=== Activity ===
All of the entries must be reproduced exactly, with no images carried over.

(Items listed in a dataset)

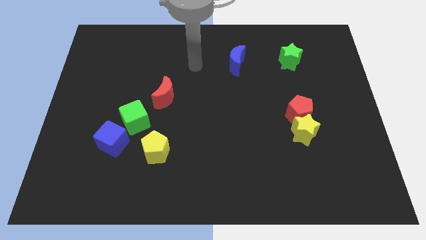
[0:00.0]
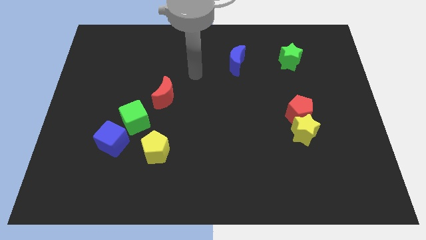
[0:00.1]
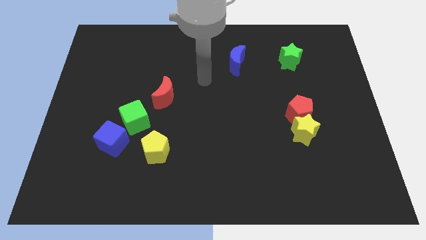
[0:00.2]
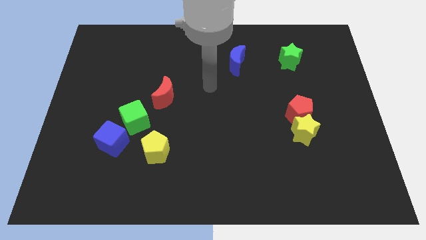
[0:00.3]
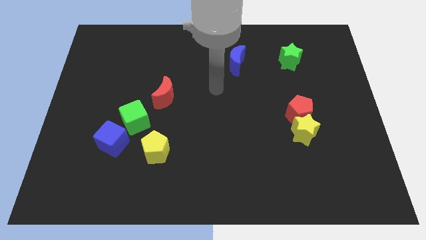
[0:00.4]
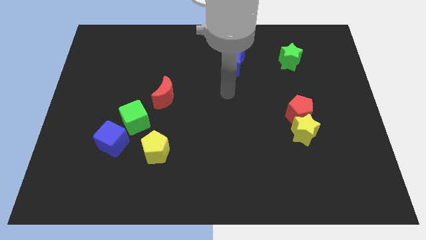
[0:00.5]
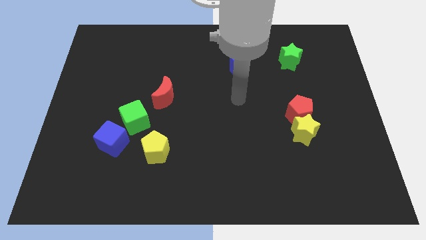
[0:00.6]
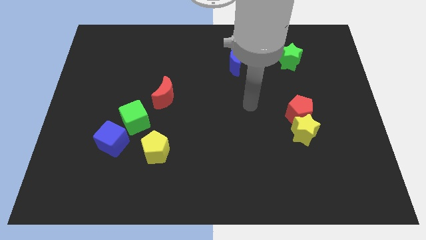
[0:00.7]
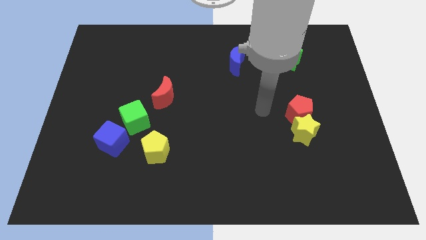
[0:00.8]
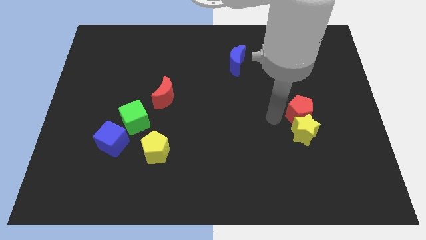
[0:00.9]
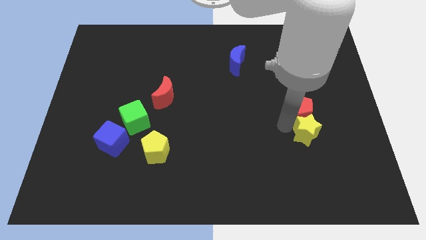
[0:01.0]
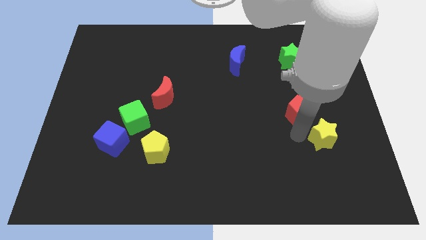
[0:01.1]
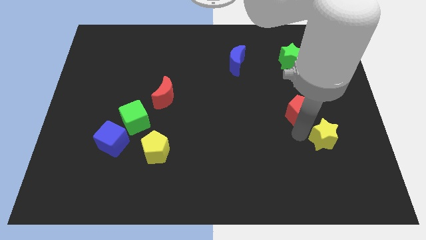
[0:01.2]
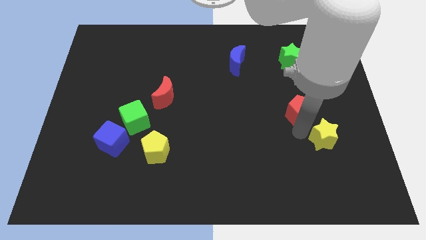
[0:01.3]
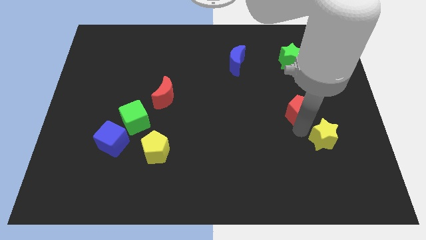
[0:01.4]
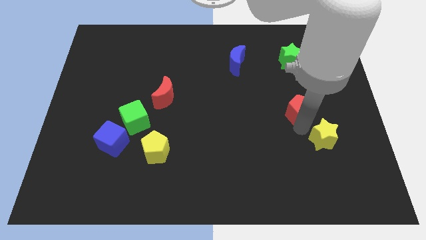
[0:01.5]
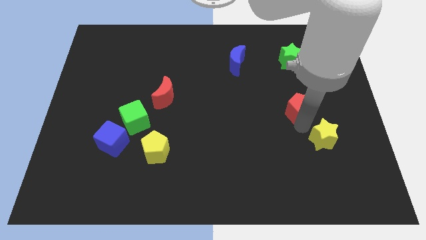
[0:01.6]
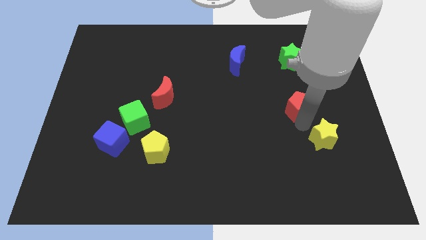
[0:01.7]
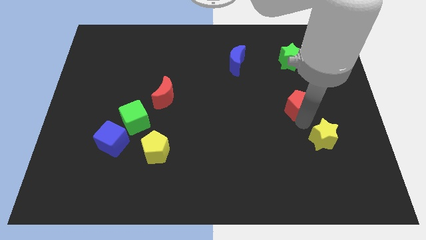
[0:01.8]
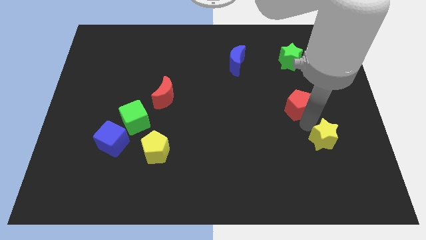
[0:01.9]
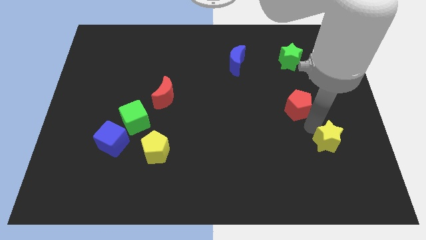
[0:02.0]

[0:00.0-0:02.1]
separate the red pentagon from the yellow star

=== Response for this exercise ===
[0:00.0]
[0:00.1]
[0:00.2]
[0:00.3]
[0:00.4]
[0:00.5]
[0:00.6]
[0:00.7]
[0:00.8]
[0:00.9]
[0:01.0]
[0:01.1]
[0:01.2]
[0:01.3]
[0:01.4]
[0:01.5]
[0:01.6]
[0:01.7]
[0:01.8]
[0:01.9]
[0:02.0]

[0:00.0-0:02.1]
separate the red pentagon from the yellow star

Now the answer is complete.